4. It's okay that you don't know everything there is to know about food, and it's definitely okay to ask experts for education. Before I had any inkling that I'd ever hold this job, I imagined food critics as the type of people who worked hard in journalism courses before flitting off to Paris or Italy to get a culinary education while they wore sundresses and meandered through farmers' markets sniffing fruit in the sunshine. They were the children who said their favorite food was foie gras, who knew that Chardonnay pairs well with lobster by the time they were eight, who've known which piece of silverware to use since they popped out of the womb and pulled themselves up to the white linen-ed table, unable to gum so much as a Cheerio, but, by god, instilled with the knowledge of just the moment to pick up the salad fork. In my imagination, they'd had mothers in the kitchen stirring big bubbling pots and engraining the secrets of cooking deep inside of their souls. They'd later use those tips and tricks against a chef who let the butter brown too long or -- gasp -- couldn't make a proper hollandaise. Food critic-ing, I thought, was a fancy profession for fancy people, the type of people who could name oyster varieties or rattle off every spice in a traditional Ethiopian wot with a comfort level most of us don't even have when we're reciting our own addresses. That was not me. I'll spare you the details, but the greatest culinary wisdom imparted from my childhood surrounded the incredible creativity my mother and grandmother employed in using the microwave and the crockpot in order to avoid ever turning on the stove. Sure, I had received a decent culinary education before I started writing. But being voraciously obsessed with food and acquiring food knowledge, I learned quickly that half the fun of writing about food is doing the research on food -- and then bringing others into what you've learned. 5. As soon as you say publicly "good [Thai, Vietnamese, Korean, Spanish, Moroccan] food doesn't exist in Denver," you will find good [Thai, Vietnamese, Korean, Spanish, Moroccan] food, probably because one of the commenters you've become accustomed to ignoring will dismissively point out that you are wrong, and you will be forced to acknowledge that they are, annoyingly, right. If you are fine with eating your words in the most irritating way possible, this is a remarkably effective way to find material.

6. Weird things will happen that will make you feel like you're having an all-encompassing identity crisis. You will overhear people in restaurants talking about something you just wrote. People you barely know will send you photos of their dinners and stories about terrible service. And sometimes, when you are using an alias, people will tell you exactly what they don't like about the new Westword critic, and you will have to stand there and not let them know that your insides feel like they're about to melt out because a) you're being insulted to your face and b) you suddenly feel like you're having an out-of-body experience.
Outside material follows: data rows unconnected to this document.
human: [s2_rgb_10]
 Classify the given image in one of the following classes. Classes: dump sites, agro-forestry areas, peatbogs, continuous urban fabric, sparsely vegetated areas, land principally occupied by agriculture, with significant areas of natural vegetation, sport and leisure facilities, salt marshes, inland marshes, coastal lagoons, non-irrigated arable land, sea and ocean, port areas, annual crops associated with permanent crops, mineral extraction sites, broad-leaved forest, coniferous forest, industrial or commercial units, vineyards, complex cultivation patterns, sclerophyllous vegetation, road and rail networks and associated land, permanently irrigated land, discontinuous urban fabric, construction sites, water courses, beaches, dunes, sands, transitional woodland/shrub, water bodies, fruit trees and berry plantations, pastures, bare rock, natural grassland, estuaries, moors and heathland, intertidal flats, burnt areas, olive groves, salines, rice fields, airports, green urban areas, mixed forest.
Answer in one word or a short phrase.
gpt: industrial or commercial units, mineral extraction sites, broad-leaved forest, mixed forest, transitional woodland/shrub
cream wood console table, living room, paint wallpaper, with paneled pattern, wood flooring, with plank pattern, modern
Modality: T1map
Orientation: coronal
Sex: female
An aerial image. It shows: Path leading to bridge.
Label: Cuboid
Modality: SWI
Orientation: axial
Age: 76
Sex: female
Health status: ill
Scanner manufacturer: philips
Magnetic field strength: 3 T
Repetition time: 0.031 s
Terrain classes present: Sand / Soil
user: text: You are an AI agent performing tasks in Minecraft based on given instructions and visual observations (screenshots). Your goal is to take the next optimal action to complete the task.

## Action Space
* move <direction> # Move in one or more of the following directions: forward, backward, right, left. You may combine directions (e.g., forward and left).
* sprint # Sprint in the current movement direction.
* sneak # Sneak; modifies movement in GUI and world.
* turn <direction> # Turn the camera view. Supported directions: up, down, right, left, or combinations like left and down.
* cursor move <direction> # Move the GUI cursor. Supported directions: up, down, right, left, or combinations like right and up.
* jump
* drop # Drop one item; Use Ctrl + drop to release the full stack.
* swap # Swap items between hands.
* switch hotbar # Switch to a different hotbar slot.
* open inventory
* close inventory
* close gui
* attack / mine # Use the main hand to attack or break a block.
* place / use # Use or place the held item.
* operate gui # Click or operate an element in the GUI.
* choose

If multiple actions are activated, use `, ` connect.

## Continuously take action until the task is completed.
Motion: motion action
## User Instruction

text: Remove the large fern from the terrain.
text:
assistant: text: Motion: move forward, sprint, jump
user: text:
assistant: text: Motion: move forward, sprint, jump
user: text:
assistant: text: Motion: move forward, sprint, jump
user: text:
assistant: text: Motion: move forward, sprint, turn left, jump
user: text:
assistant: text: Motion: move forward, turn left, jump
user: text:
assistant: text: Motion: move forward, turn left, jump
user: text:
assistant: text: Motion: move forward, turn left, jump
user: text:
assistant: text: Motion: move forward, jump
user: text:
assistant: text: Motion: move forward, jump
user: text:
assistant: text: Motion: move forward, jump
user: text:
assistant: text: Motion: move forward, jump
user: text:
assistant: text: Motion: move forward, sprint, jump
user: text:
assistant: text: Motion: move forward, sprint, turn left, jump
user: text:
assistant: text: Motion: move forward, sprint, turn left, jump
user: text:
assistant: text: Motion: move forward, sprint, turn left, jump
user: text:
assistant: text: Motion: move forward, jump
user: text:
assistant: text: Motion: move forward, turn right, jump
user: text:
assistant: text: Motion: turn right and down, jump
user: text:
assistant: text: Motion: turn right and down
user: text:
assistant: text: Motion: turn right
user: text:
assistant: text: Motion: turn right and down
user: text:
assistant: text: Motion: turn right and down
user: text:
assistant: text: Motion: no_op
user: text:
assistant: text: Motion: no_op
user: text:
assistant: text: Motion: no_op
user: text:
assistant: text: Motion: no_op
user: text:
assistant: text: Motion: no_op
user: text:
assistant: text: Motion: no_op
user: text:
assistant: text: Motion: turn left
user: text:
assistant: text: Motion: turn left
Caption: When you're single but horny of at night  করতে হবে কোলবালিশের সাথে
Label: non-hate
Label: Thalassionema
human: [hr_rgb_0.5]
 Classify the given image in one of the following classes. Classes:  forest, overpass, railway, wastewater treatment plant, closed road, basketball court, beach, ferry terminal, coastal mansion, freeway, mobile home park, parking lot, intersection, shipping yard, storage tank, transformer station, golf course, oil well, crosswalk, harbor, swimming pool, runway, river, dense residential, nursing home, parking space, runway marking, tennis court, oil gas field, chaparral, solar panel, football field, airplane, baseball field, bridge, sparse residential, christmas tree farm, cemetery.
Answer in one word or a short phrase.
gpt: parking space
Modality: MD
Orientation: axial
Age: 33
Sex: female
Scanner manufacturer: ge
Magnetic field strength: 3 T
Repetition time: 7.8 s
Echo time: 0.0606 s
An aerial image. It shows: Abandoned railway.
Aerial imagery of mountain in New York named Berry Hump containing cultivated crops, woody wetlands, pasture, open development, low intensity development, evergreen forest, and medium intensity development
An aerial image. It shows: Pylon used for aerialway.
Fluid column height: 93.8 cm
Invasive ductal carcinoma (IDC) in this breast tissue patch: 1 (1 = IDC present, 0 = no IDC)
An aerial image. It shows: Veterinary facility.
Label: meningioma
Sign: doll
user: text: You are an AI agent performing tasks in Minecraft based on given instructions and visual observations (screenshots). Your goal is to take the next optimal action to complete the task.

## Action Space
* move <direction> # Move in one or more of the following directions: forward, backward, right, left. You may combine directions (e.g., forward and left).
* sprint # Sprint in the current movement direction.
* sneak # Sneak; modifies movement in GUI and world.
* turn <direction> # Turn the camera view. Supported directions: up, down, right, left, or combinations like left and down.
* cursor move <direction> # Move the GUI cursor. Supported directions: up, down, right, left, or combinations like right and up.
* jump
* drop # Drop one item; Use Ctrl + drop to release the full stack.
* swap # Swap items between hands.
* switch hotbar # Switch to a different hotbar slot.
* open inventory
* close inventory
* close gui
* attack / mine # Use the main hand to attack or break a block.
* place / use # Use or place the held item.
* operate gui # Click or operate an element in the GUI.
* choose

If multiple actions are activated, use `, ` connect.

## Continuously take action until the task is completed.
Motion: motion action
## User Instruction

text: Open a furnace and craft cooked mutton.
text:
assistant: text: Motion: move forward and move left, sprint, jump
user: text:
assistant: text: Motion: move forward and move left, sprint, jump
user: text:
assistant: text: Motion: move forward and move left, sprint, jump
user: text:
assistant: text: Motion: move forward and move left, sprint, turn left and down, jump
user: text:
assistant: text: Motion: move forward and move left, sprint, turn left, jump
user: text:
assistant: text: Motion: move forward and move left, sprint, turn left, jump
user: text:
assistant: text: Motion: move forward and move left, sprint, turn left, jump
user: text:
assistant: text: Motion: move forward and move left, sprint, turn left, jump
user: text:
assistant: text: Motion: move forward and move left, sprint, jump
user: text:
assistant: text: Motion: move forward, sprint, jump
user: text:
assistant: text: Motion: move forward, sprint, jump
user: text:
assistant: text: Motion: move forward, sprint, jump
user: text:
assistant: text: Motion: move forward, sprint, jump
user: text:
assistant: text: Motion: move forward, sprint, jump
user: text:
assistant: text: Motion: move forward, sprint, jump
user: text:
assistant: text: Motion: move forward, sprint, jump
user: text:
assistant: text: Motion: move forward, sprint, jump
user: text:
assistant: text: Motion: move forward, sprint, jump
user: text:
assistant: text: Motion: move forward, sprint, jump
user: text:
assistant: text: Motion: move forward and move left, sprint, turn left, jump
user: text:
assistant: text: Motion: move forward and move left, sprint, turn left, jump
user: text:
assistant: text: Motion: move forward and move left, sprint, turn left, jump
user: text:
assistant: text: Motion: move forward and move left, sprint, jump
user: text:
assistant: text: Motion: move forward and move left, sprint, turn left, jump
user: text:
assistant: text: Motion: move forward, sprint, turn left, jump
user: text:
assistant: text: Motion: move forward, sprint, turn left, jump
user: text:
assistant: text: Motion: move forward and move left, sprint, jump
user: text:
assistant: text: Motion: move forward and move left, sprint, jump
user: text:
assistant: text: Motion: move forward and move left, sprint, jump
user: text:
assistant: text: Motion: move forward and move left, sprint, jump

7. I'm not suggesting you plaster your photo all over everything, introduce yourself to the chef when you're out to eat or even make reservations in your own name. But do realize that a restaurateur who recognizes you is simply a restaurateur doing his or her job, and try not to fret too much. Maybe buy a wig, though.

8. If you eat out with your mother and she is anything like my mother, she will want to tell the waiter what you do for a living because she thinks it will get your party better service. She is wrong, and you're going to spend a lot of time "coaching" her to keep this information to herself. This goes for friends who will suddenly start losing their minds when in restaurants in your presence, critiquing everything they put in their mouths and banging glasses on the table while saying, "DON'T YOU KNOW WHO SHE IS?"

9. If you don't have an opinion on green chile, get one. Fast. Or take mine: All roads lead to Chubby's.

10. Did I mention you should gird your loins?

Westword's a wild and excellent ride -- enjoy yourself!